# anyone know anything about Shirt Darts?



## swissarmour (Apr 29, 2007)

hi a while back id put a comment on how i was looking for express type shirts to screen, to later find their secret is just shirt darts, or taking in the shirt at the back so its not all poofy (or pofy lol) anyway but im more used to transfers and some screening, nothing at all about working with needles, does anyone know some sort of quick and cheap way for darting and taking in shirts? so as to be able to do a few maybe ten a week while im testing it out, a cookie cutter, "mass" tailored type of thing of thing


----------



## SunEmbroidery (Oct 18, 2007)

I would google 'how to add shirt darts". This is what I found:

What are Darts : Simplicity, Patterns for Sewing Projects

When sewing individual items the fabric is marked for details such as darts before the fabric is cut.
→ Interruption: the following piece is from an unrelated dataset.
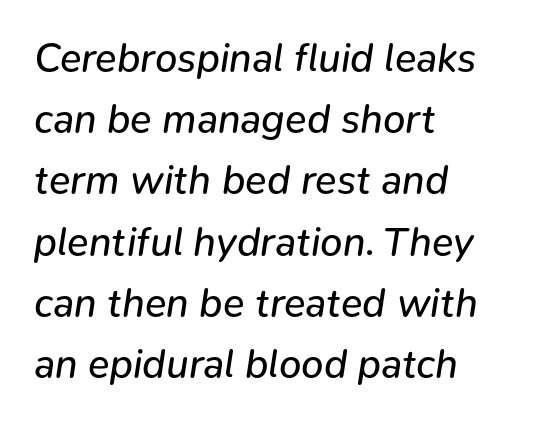
Line beginnings align vertically; line endings do not. Caption: standard tracking, unaltered. Vertically, the passage feels balanced, rows spaced as you'd expect. Weight: regular or lighter.

When a dart is made the fabric is taken in to contour the garment so it fits the body's shape. The placement, amount a fabric taken in and length of the dart varies according to the size & style of the garment. You might consider buying a Simplicity pattern that has back darts so you can see how they are placed.


----------



## tqd95wn (Dec 31, 2007)

Check out this clip: DIY Fashion How-To T-Shirts | Thread Heads. Hope it helps.


----------